■ Brief ■
Copy all entries without alteration and skip the pictures they hold.

■ Information supplied ■
■ ■ ■

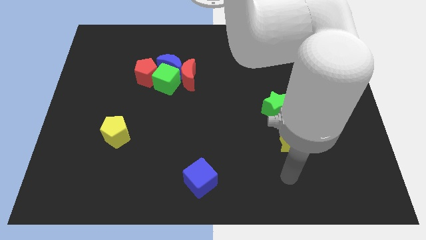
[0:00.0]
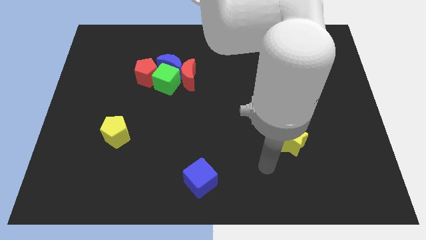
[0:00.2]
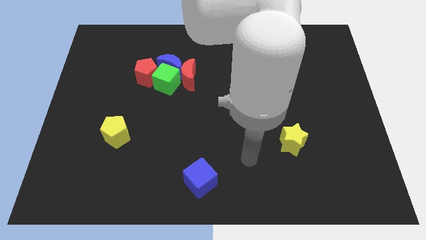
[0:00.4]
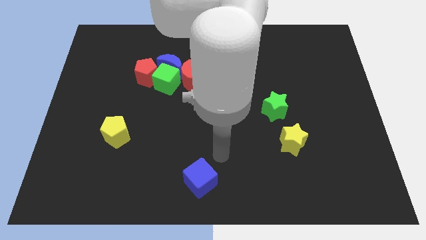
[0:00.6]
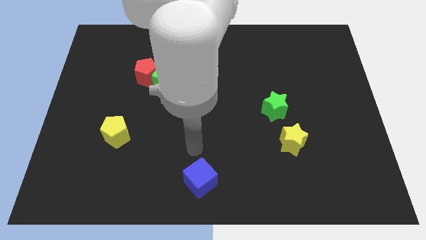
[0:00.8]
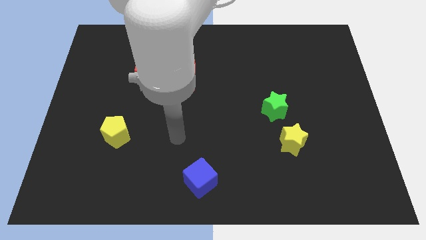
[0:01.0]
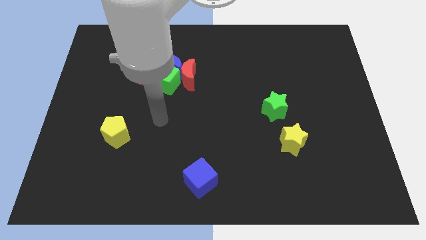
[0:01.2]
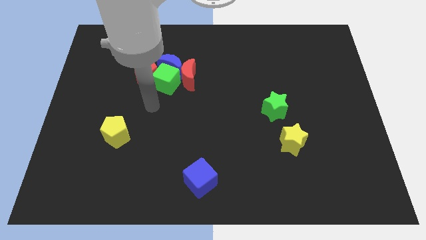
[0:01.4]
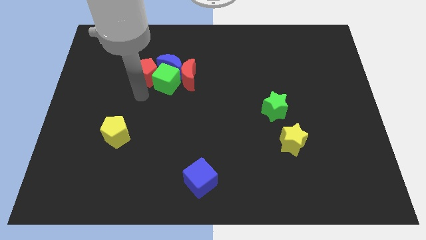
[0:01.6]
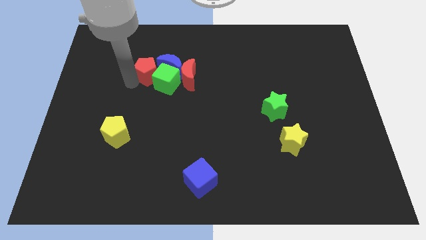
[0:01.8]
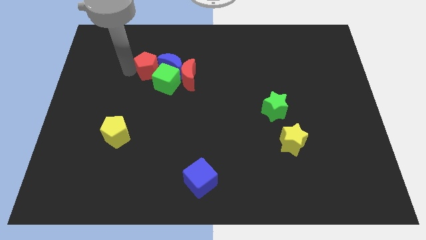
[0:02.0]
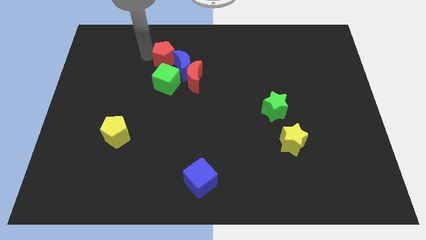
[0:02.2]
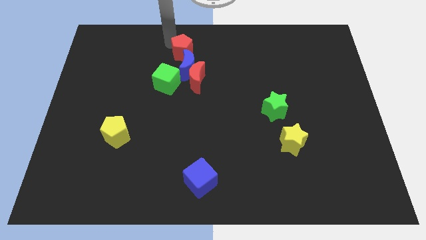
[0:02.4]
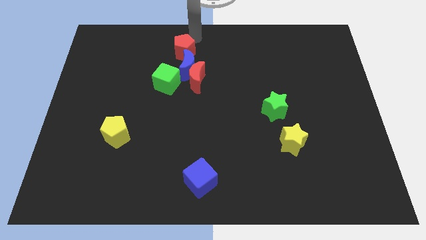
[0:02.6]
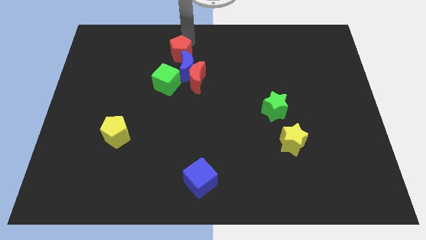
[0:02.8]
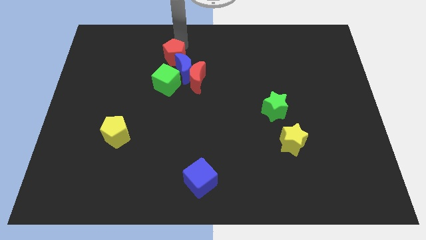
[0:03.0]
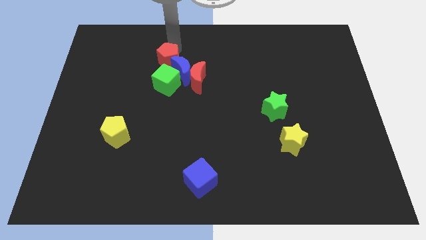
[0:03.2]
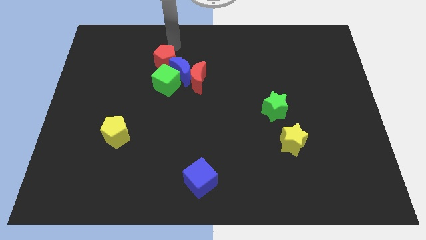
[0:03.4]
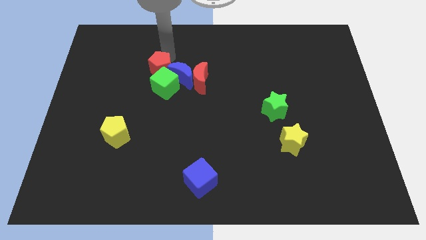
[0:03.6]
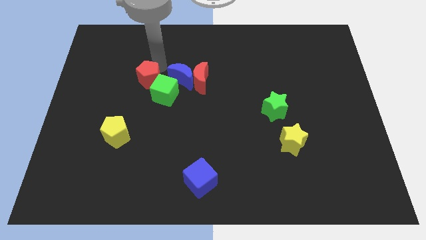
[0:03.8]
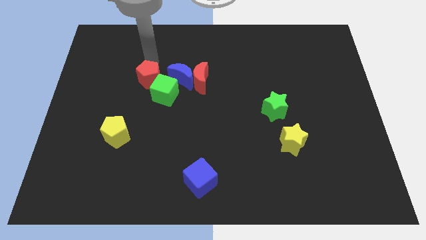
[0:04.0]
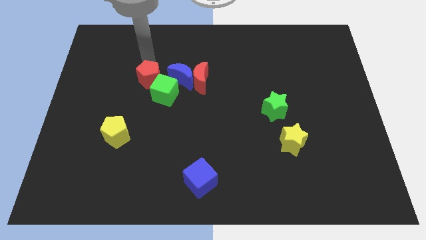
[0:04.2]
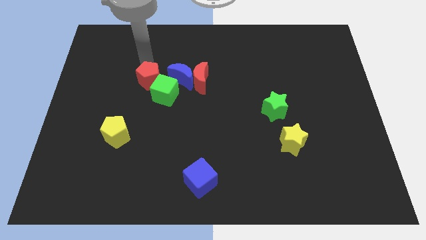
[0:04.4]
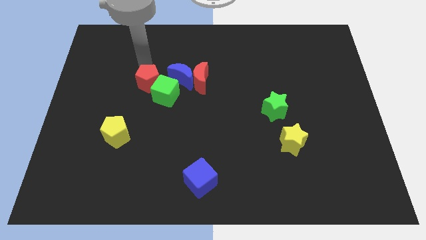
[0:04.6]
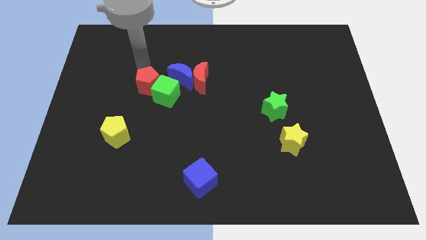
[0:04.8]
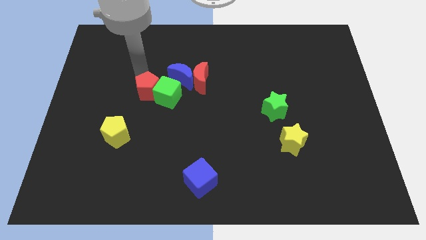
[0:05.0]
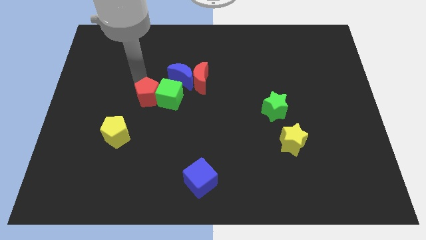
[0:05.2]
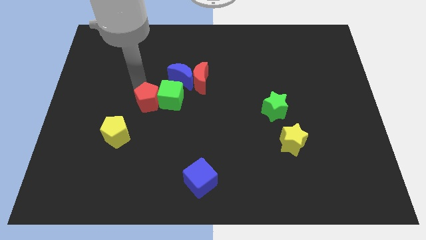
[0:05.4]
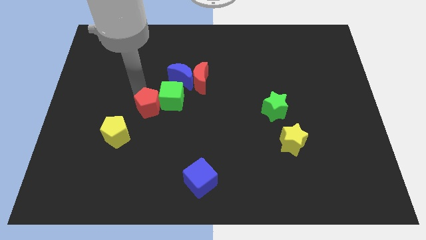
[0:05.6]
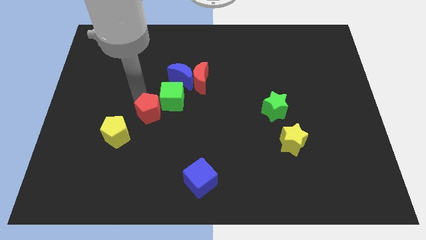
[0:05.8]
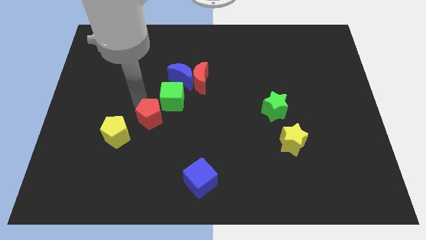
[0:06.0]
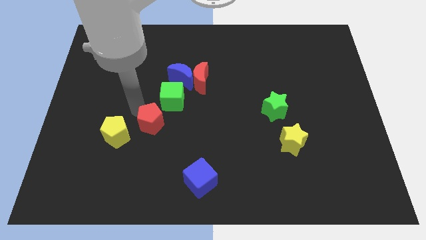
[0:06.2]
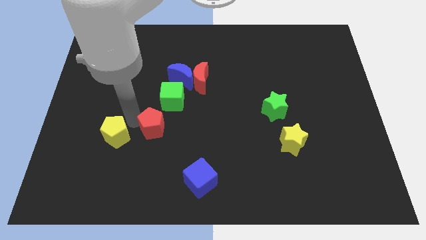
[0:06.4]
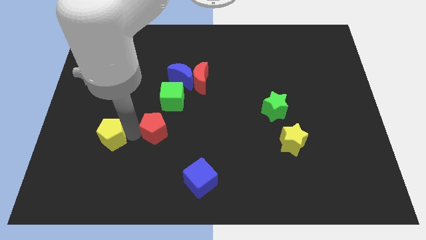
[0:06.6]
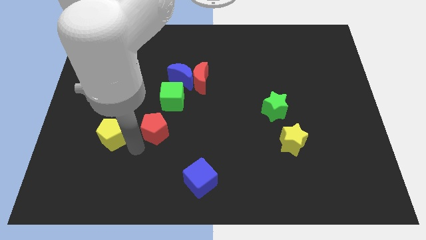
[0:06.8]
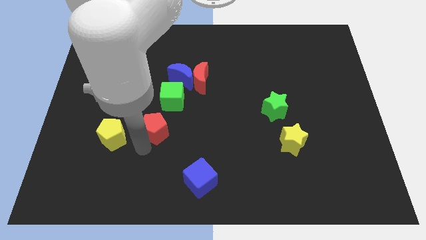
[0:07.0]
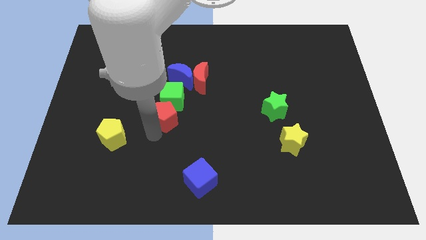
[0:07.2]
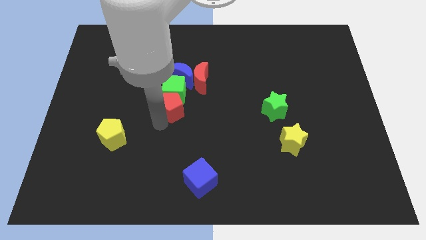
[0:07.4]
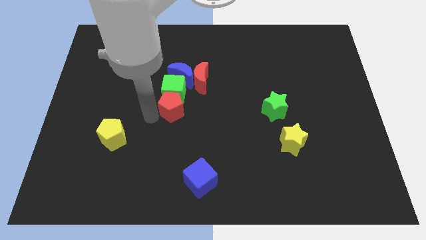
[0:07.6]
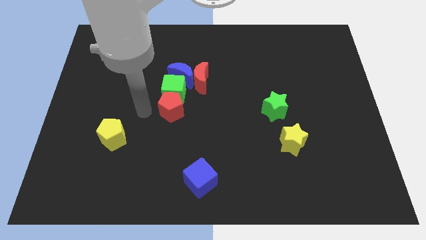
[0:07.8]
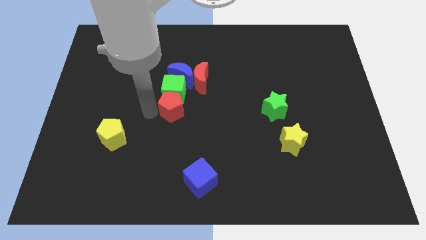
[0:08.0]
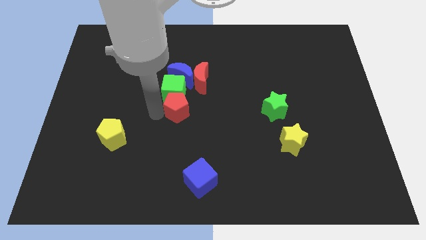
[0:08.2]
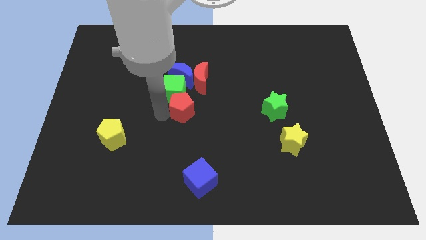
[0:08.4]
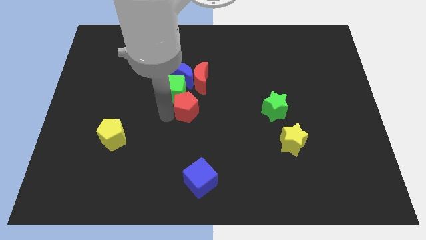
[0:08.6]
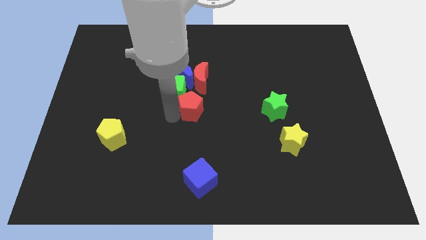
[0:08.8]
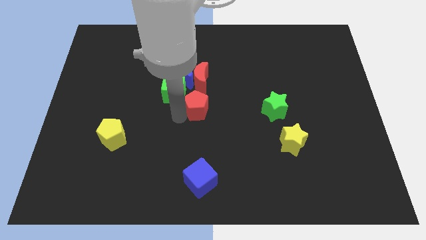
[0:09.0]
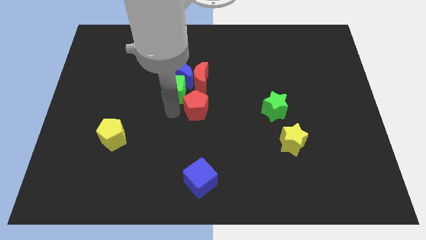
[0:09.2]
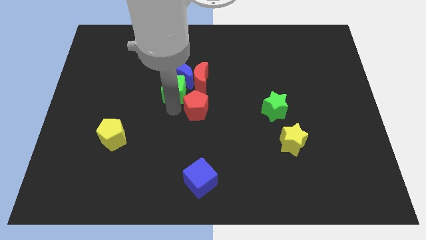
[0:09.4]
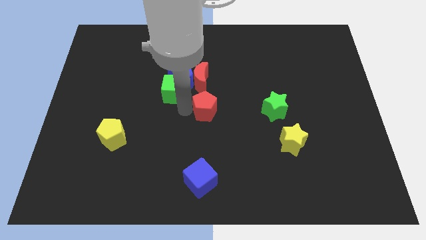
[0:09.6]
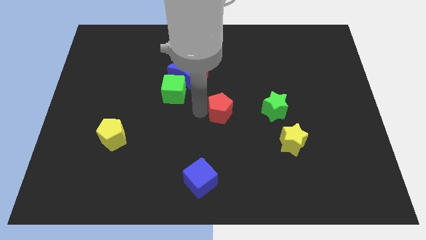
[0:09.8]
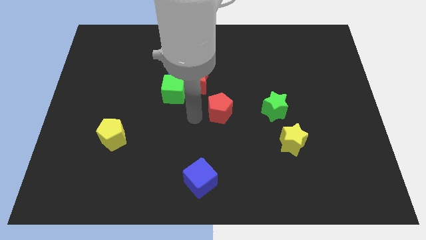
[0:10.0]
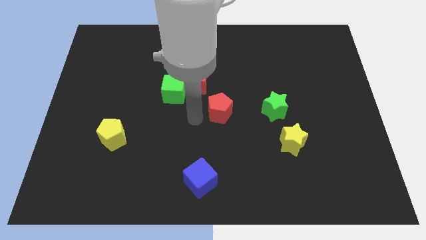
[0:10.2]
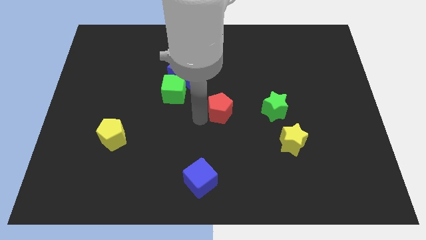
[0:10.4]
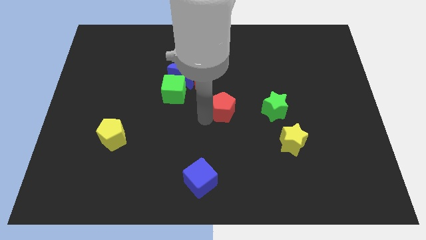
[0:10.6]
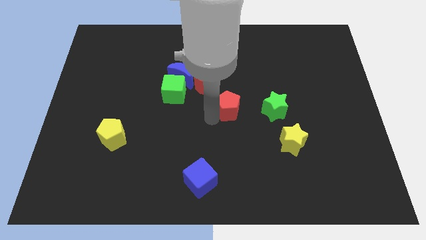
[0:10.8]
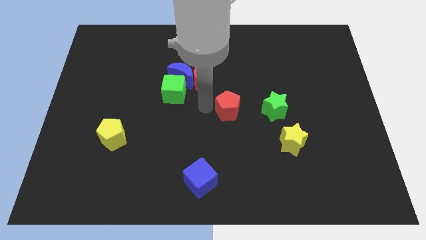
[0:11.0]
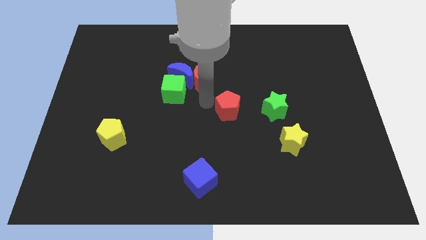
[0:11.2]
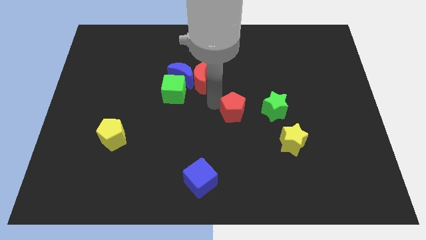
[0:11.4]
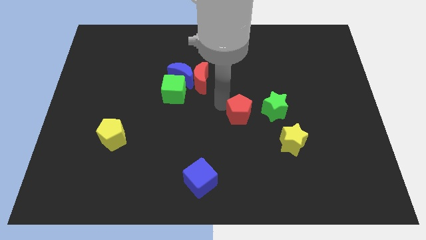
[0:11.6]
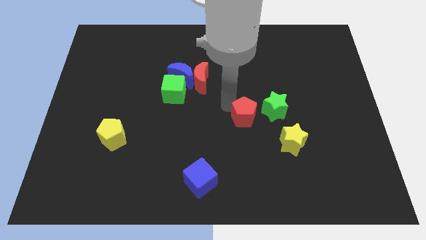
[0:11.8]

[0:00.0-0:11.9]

■ ■ ■

■ Result of this task ■
[0:00.0]
[0:00.2]
[0:00.4]
[0:00.6]
[0:00.8]
[0:01.0]
[0:01.2]
[0:01.4]
[0:01.6]
[0:01.8]
[0:02.0]
[0:02.2]
[0:02.4]
[0:02.6]
[0:02.8]
[0:03.0]
[0:03.2]
[0:03.4]
[0:03.6]
[0:03.8]
[0:04.0]
[0:04.2]
[0:04.4]
[0:04.6]
[0:04.8]
[0:05.0]
[0:05.2]
[0:05.4]
[0:05.6]
[0:05.8]
[0:06.0]
[0:06.2]
[0:06.4]
[0:06.6]
[0:06.8]
[0:07.0]
[0:07.2]
[0:07.4]
[0:07.6]
[0:07.8]
[0:08.0]
[0:08.2]
[0:08.4]
[0:08.6]
[0:08.8]
[0:09.0]
[0:09.2]
[0:09.4]
[0:09.6]
[0:09.8]
[0:10.0]
[0:10.2]
[0:10.4]
[0:10.6]
[0:10.8]
[0:11.0]
[0:11.2]
[0:11.4]
[0:11.6]
[0:11.8]

[0:00.0-0:11.9]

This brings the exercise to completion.